Box 1. Histone modifications enriched in the bodies of transcribed genes. The list is compiled from references (15,31,32,44).

Transcribed region 5′ proximal to the promoter: H2BK5me1, H3K4me1, H3K4me2, H3K9me1, H3K27me1, H3K79me1, H3K79me2, H3K79me3 and H4K20me1.

Exons: H2BK5me1, H3K4me1, H3K4me2, H3K9me1, H3K9me2, H3K9me3*, H3K27me1, H3K27me2, H3K27me3, H3K36me3, H3K79me1, H3R2me1, H3R2me2, H4K20me1, H4K20me3 and H4R3me2.

Introns: H3K36me1**.

*Enrichment is present only over a subset of exons.

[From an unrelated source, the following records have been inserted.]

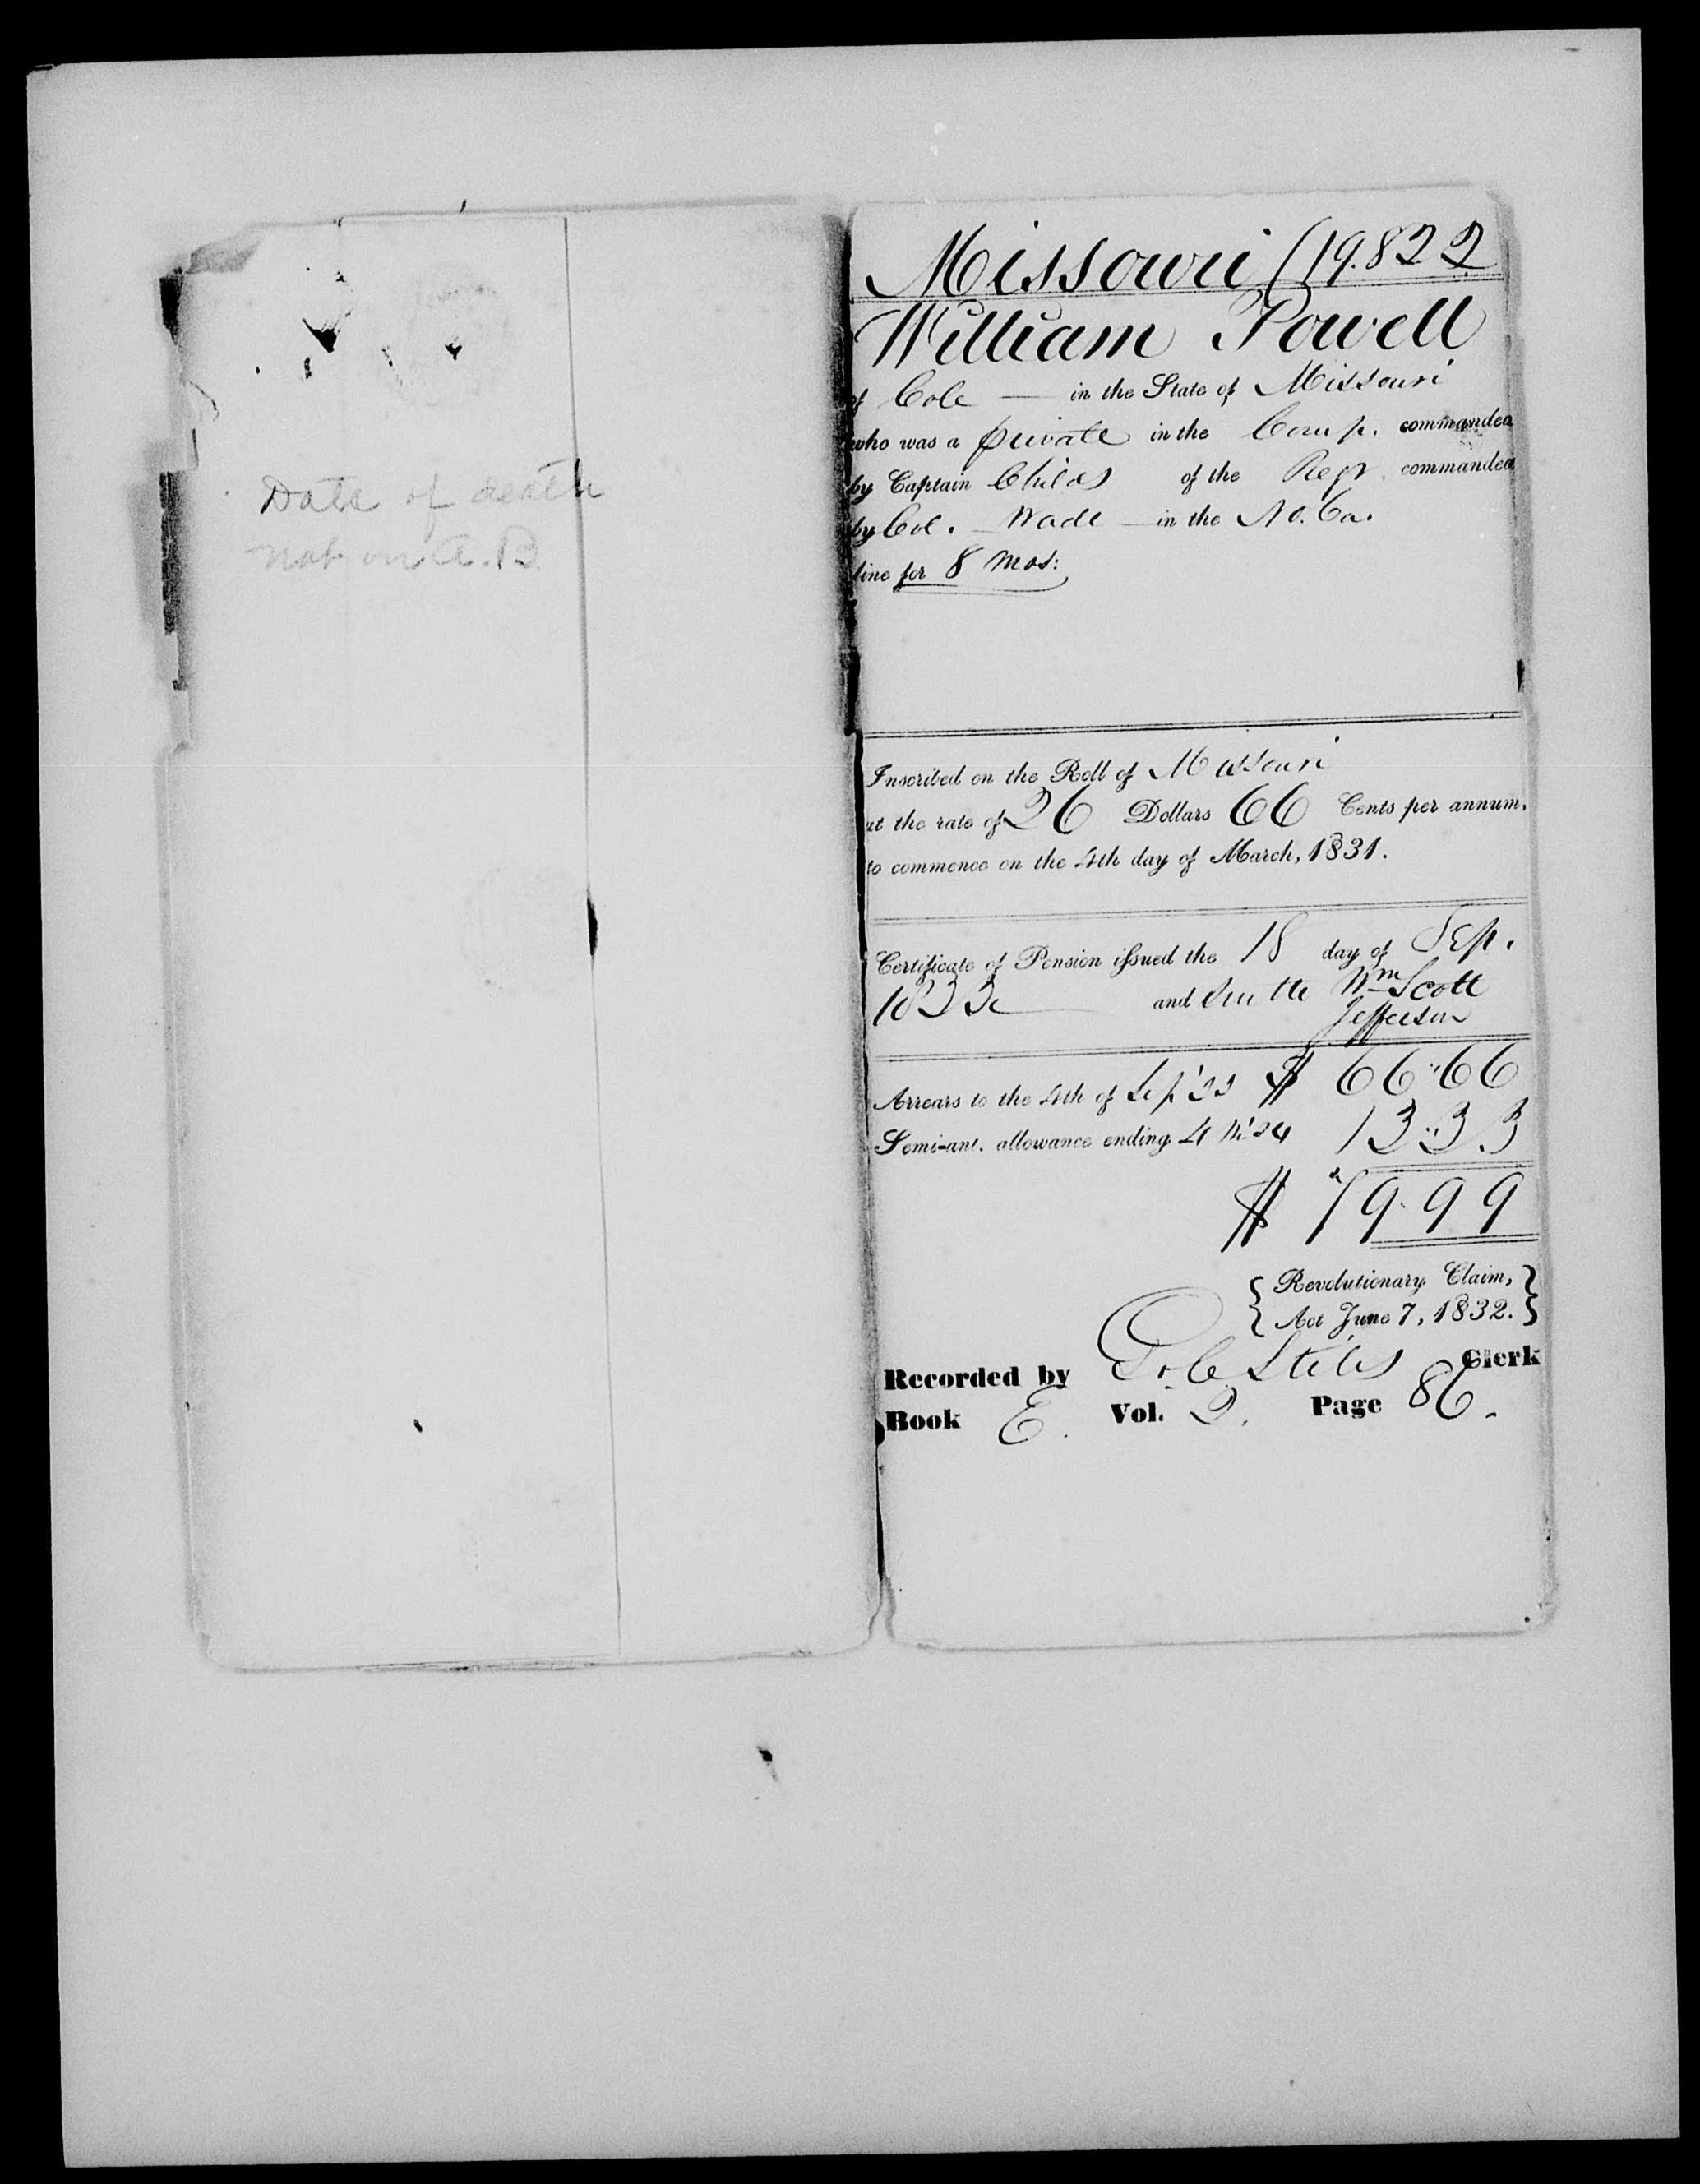Missouri 19.822
William Powell
of Cole County in the State of Missouri
who was a private in the (?) commanded
by Captain Childs of the Regt commanded by Col. Wade in the No. Ca. line for mos.

Inscribed on the Roll of Missouri at the rate of 26 Dollars 66 Cents per annum, to commence on the 4th day of March, 1834 

Certificate of Pension issued the 18th day of Sep. [?] and [?] Wm Scott Jefferson

Arrears to the 4th of Sept [?} $66.66 Semi-anl allowance ending [?] 13.33/ $79.99

Revolutionary Claim, Act June 7, 1832

Recorded by Cole Stiles Clerk
Book E Vol. 2. Page 86

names: William Powell; Go C Stiles; [BLANK] Childs; [BLANK] Wade; Wm Scott
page: 2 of 19
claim: survivor's
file: S. 17022, for William Powell, North Carolina
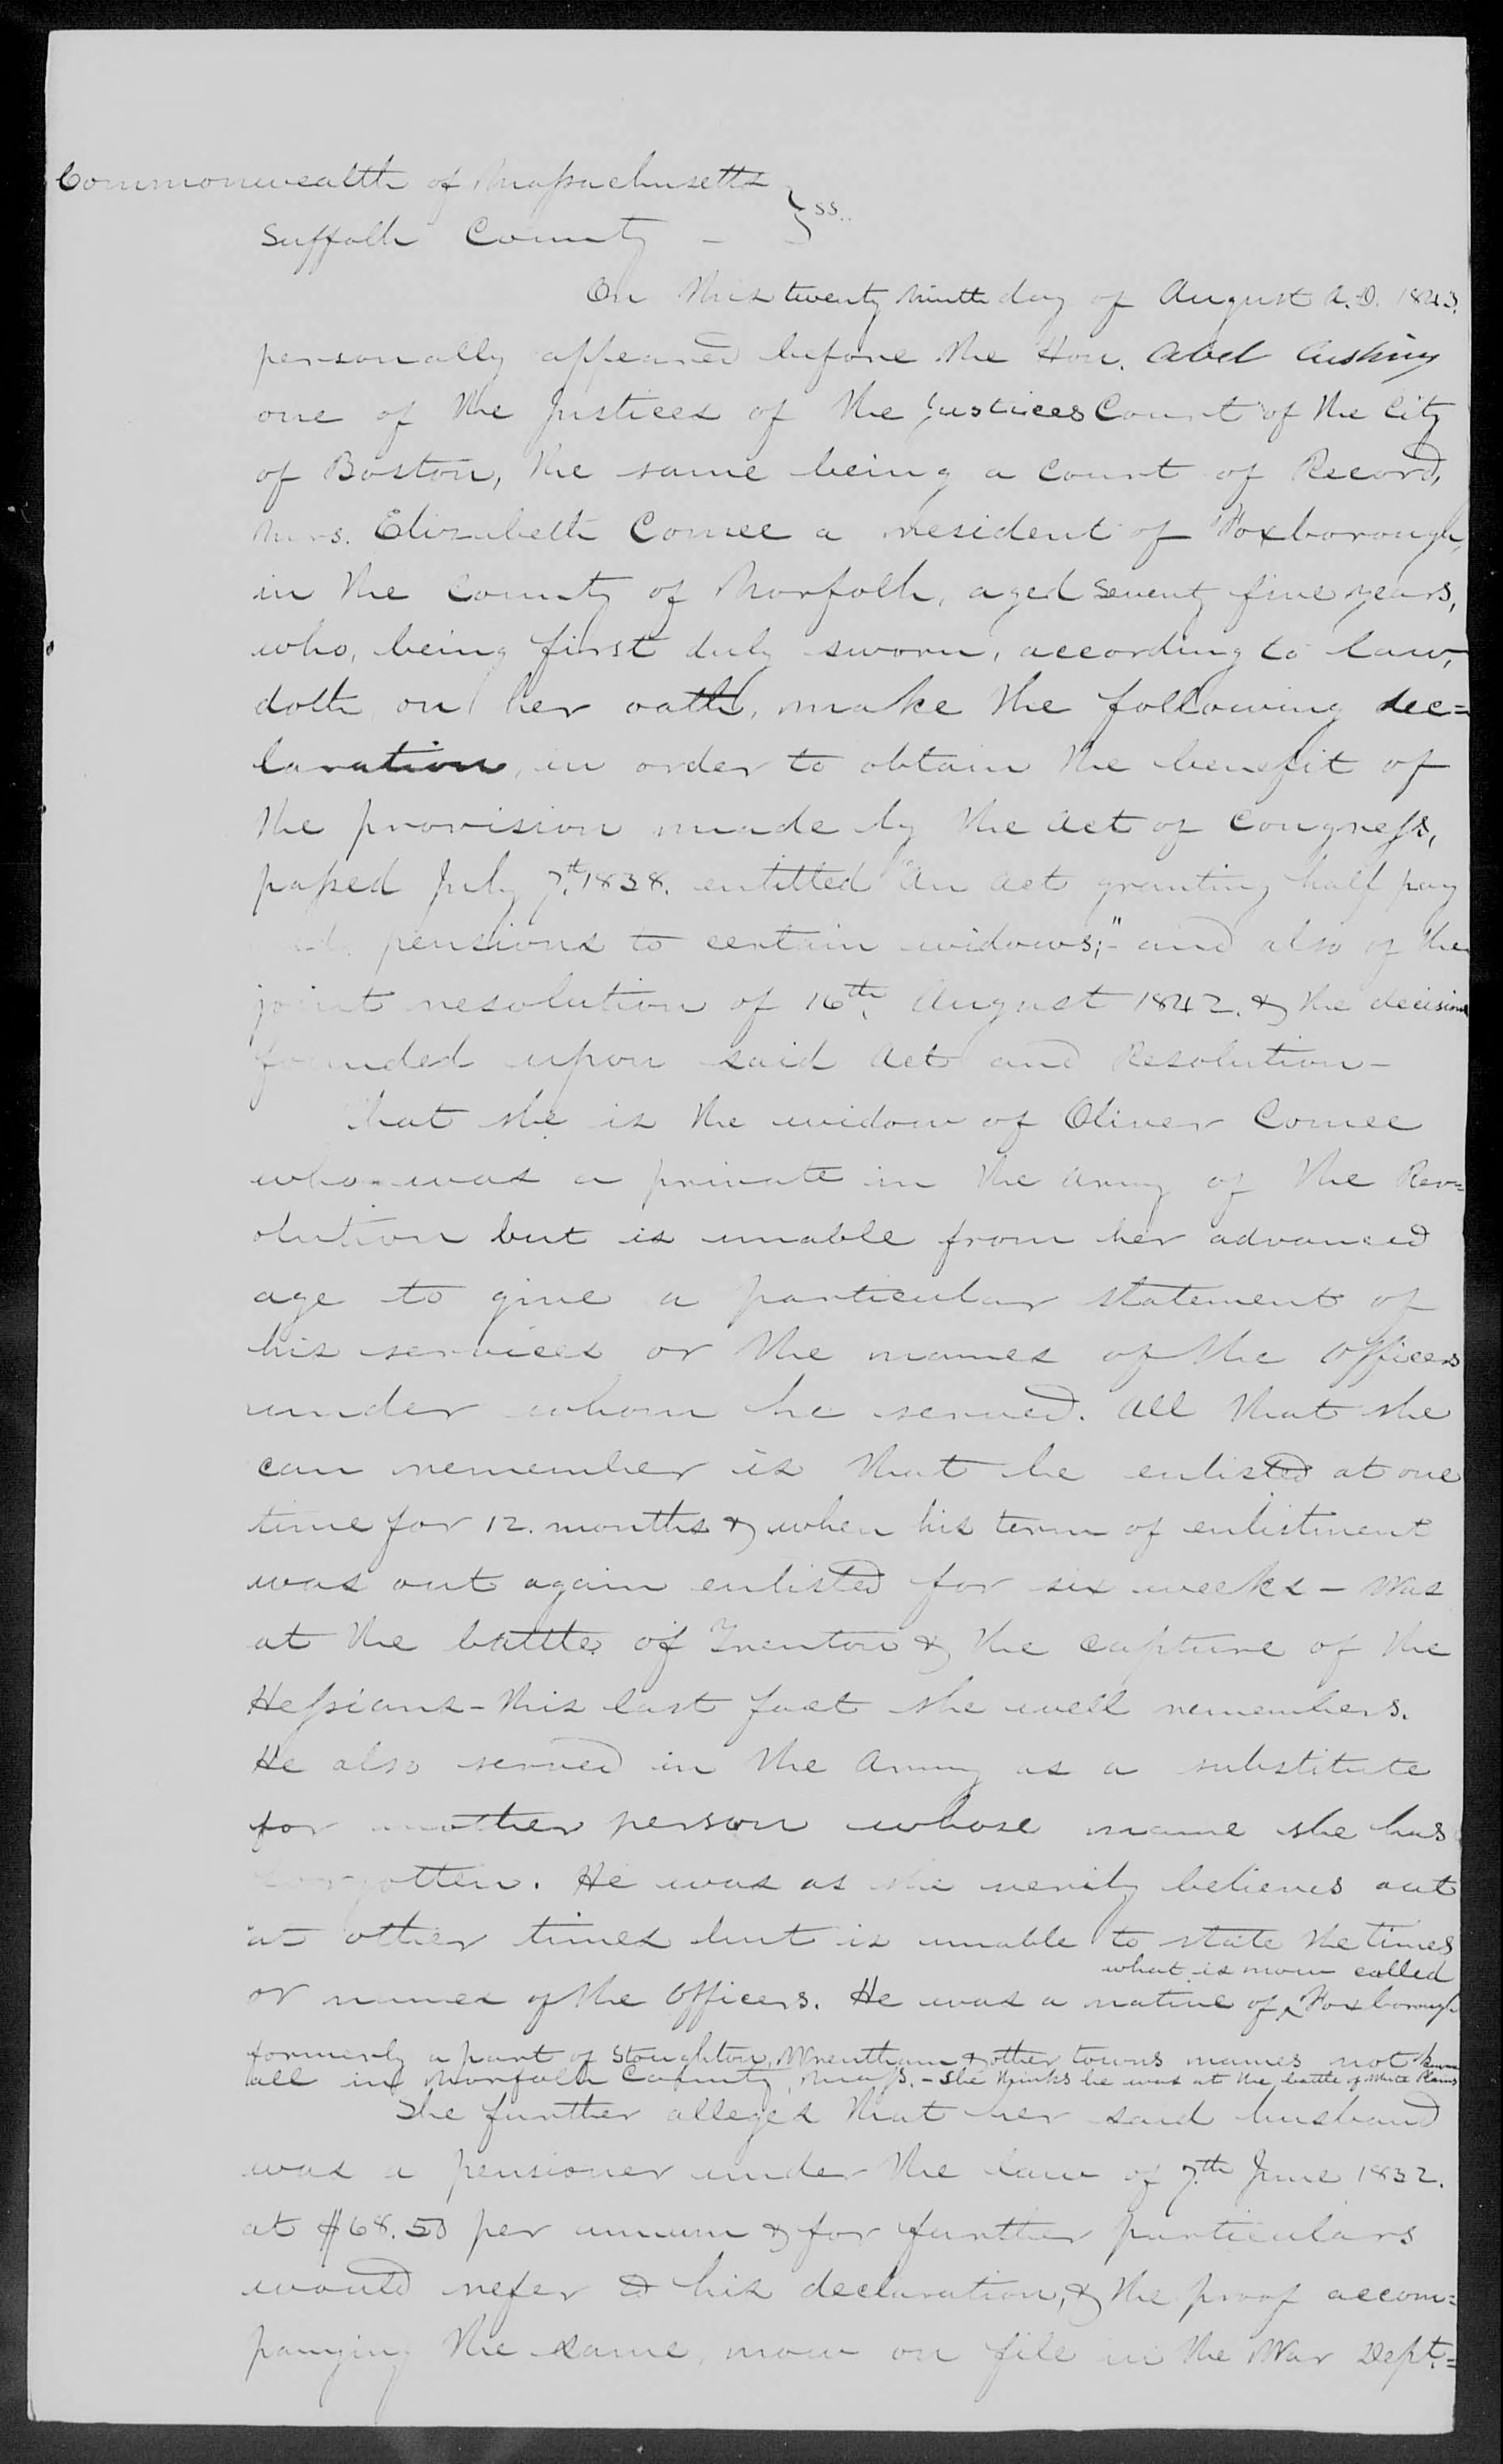Commonwealth of Massachusetts 
Suffolk County 
On this twenty ninth day of August A.D. 1843 personally appeared before the Hon. Abel Cushing one of the Justices of the justices Court of the City of Boston, the same being a Court of Record, Mrs. Elizabeth Comee a resident of Foxborough in the County of Norfolk, aged seventy five years, who, being first duly sworn, according to law, ┃ doth on her oath, make the following declaration in order to obtain the benefit of the provision made by the act of Congress, passed July 7th 1838 entitled by the act granting half pay pensions to certain widows; and also of the ┃ joint resolution of 16th August 1842. & the decision founded upon said act and Resolution that she is the widow of Oliver Comee who was a private in the army  of the Revolution but is unable from her advanced age to give a particular statement of his services of the names of the officers under whom he served, all that the can remember is that he enlisted at one ┃ time for 12 months & when his term of enlistment was out again enlisted for six weeks - was at the battle of Trenton & the capture of the Hessians - this last fact the well remembers He also served in the Army as a substitute for another person whose name she has gotten. He was as she verily believes out other times but is unable to state the times or name of the Officers. He was a native of what is now called Foxborough formerly a part of Stoughton, Wrentham & other towns names not known all in Norfolk County, Mass. she thinks he was at the battle of White Plains. 
She further alleged that her said husband was a pensioner under the law of 7th June 1832. 1 at $68.50 per annum & for further particulars would refer to his declaration, & the proof accompanying the same now on file in the War Dept ⎬ ss

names: Oliver Comee, Abel Cushing, Elizabeth Comee
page: 11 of 45
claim: widow's
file: W. 14,567, Oliver Comee, Mass.

**Intron enrichment is observed only in highly expressed genes.

Figure 2.

Figure 2.

Deposition of H3K36me3 over exons. hnRNP-L directly interacts with RNA elements that place it in close proximity to the exons. Aly/Ref1 is recruited to the pre-mRNA during spliceosome assembly (76). In turn, hnRNP-L and Aly/Ref1 cooperate with RNAPII to bring Kmt3a to the exons where it methylates H3K36.

Methylated cytosine residues in CpG dinucleotides are another epigenetic mark enriched in the exons of transcribed genes (47). The Dnmt3a and Dnmt3b methyltransferases are responsible for the de novo methylation of DNA in mammalian cells and their specificity is determined by interactions with regulatory factors. The two methyltransferases are in a complex that can be recruited to DNA via direct interaction of Dnmt3a with the exon-specific H3K36me3 mark (48).

Transcription termination and polyadenylation sites (PASs) also display distinct nucleosome occupancy patterns. Specifically, genomic regions surrounding PAS are strongly depleted of nucleosomes, while the regions immediately downstream of PAS are enriched in nucleosomes (15). Furthermore, in genes undergoing alternative polyadenylation, the usage of individual PAS is correlated with the nucleosome occupancy downstream of the PAS, suggesting a role of the chromatin structure in the regulation of polyadenylation.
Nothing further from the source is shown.